He was the number two for sure. But he disappeared far too often. He needs to be the one they can consistently rely on. Granted he was battling some injuries but averaging 13/5 like he did last year in the playoffs will not get it done.


----------



## DaRizzle (May 22, 2007)

R-Star said:


> When asked about this, the majority of the Lakers basically said they understood why it was done, and could care less.
> 
> Most Lakers...... but there's one player who's up in arms about this. Lifetime Laker, and known heart and soul of the team Nick Young, is 100% against it. For a guy who's known for bleeding purple and gold like Young this isn't surprising. He earned those banners. **** anyone who tries to cover up his accomplishments.


Swaggy P is just keepin it real yo


----------



## LeGoat06 (Jun 24, 2013)

Even Steve Nash said he would do it too. This isn't a big deal


----------



## King Sancho Fantastic (Jul 19, 2005)

It's disrespectful to the men that are represented by those banners and numbers. Ramona Shelburne put it perfectly. 



> @ramonashelburne: Those banners and retired jerseys are accomplishments of other men's lives. They should be respected, not covered up for marketing purposes


----------



## LeGoat06 (Jun 24, 2013)

King Sancho Fantastic said:


> It's disrespectful to the men that are represented by those banners and numbers. Ramona Shelburne put it perfectly.


They're covered up because they didn't play for the ****ing Clippers


----------



## Basel (Mar 31, 2005)

I have more of a problem of them putting blue and red on the statues outside than I do of them covering the banners.


----------



## King Sancho Fantastic (Jul 19, 2005)

I'd find it just as classless if the shoe was on the other foot too and it were the Lakers covering a Clippers banner or number.


----------



## elcap15 (Aug 8, 2006)

I am surprised the Clips didnt do this before, now that the Clips are actually trying to win games. Those jerseys and banners are a constant reminder of how the Clippers were just a shitty piggy backing team in L.A.

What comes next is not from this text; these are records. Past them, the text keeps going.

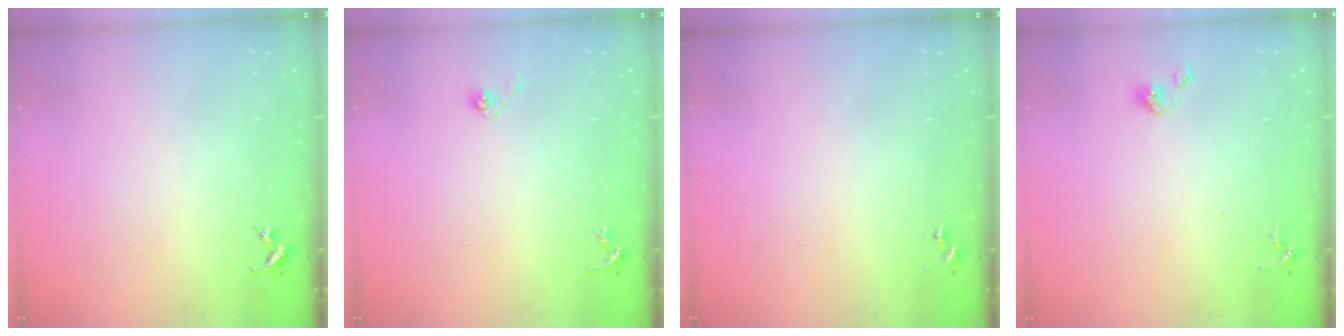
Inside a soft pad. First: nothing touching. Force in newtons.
{"total": 3.7, "press": 3.2, "slide": 1.9}
{"total": 0.0}
{"total": 5.5, "press": 5.4, "slide": 0.9}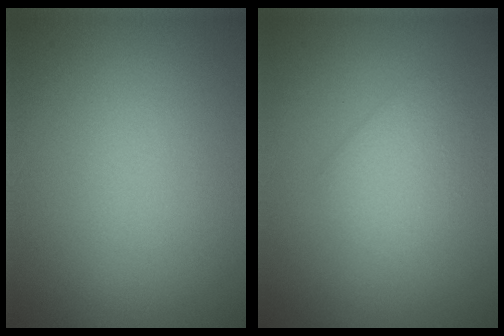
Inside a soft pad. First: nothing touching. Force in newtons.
{"total": 2.2, "press": 2.2, "slide": 0.1}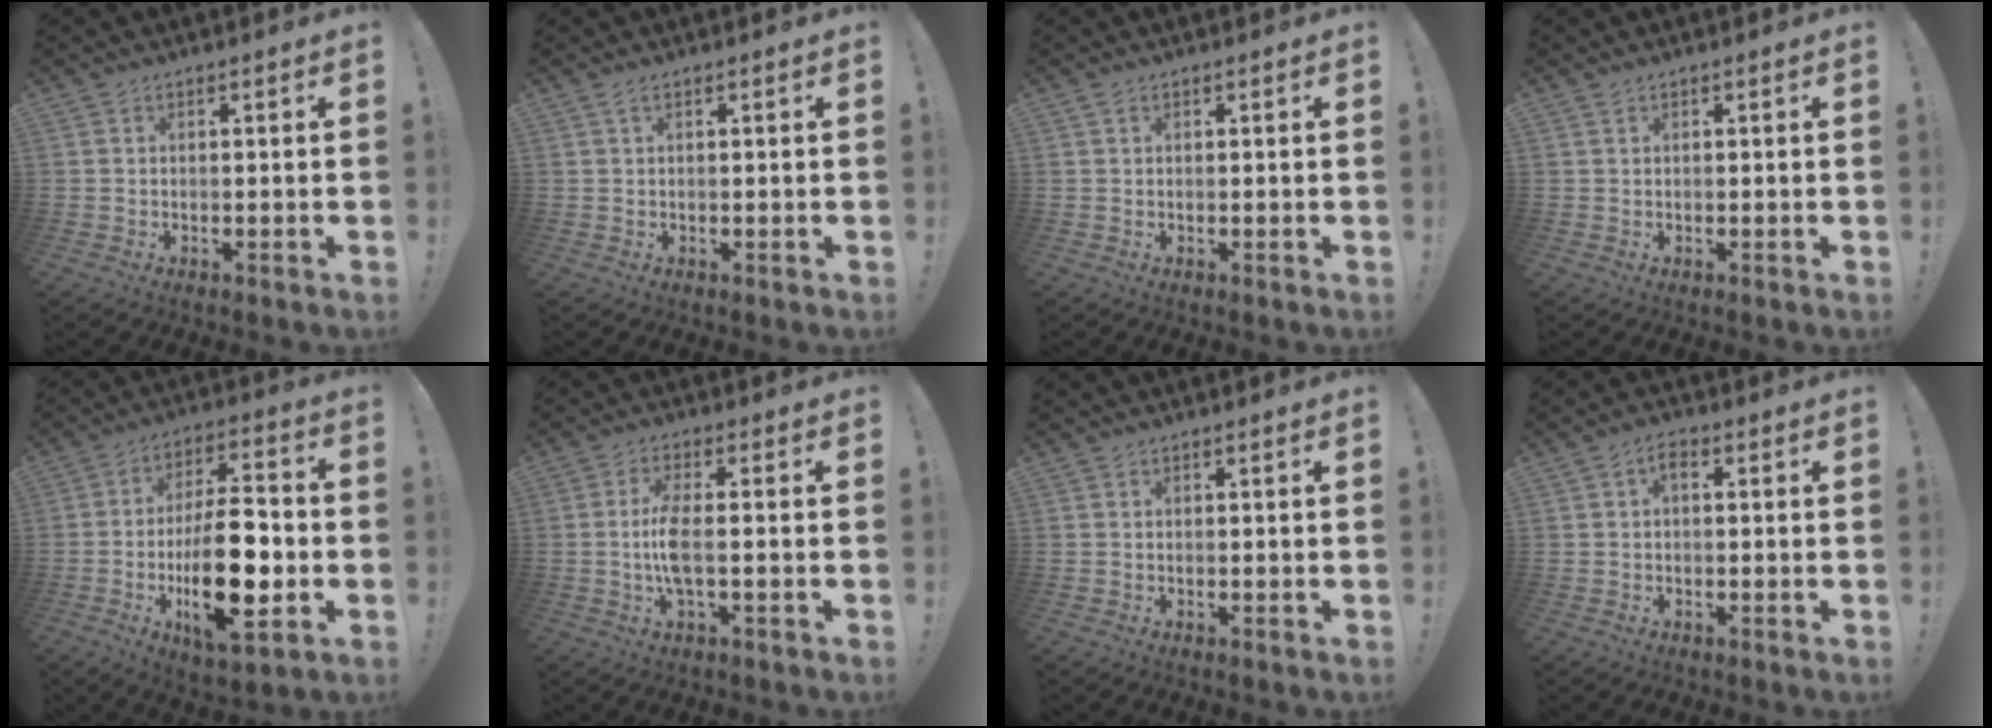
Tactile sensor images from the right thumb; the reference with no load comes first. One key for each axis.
{"total": 1.1, "fx": 0.5, "fy": 0.0, "fz": 1.0, "tx": -0.027, "ty": 0.003, "tz": 0.009}
{"total": 0.5, "fx": 0.4, "fy": 0.2, "fz": 0.3, "tx": -0.011, "ty": 0.003, "tz": 0.008}
{"total": 0.8, "fx": 0.6, "fy": 0.3, "fz": 0.3, "tx": -0.011, "ty": 0.001, "tz": 0.013}
{"total": 20.5, "fx": -4.4, "fy": 8.2, "fz": 18.2, "tx": -0.317, "ty": 0.007, "tz": -0.070}
{"total": 7.9, "fx": -0.8, "fy": 1.7, "fz": 7.7, "tx": -0.161, "ty": -0.014, "tz": -0.016}
{"total": 0.0}
{"total": 2.9, "fx": 0.1, "fy": 1.7, "fz": 2.4, "tx": -0.042, "ty": 0.008, "tz": 0.001}

Of course, that is how Sterling marketed the Clippers for years so Im sure he was happy people could go to Clippers games and marvel at the lakers success. He was happy people had any reason to go watch those pathetic teams


----------



## LeGoat06 (Jun 24, 2013)

They should take a bunch of replica jerseys and banners and after covering up the real ones burn them and troll the shit out of Lakers fans just so we can see all their butt hurt


----------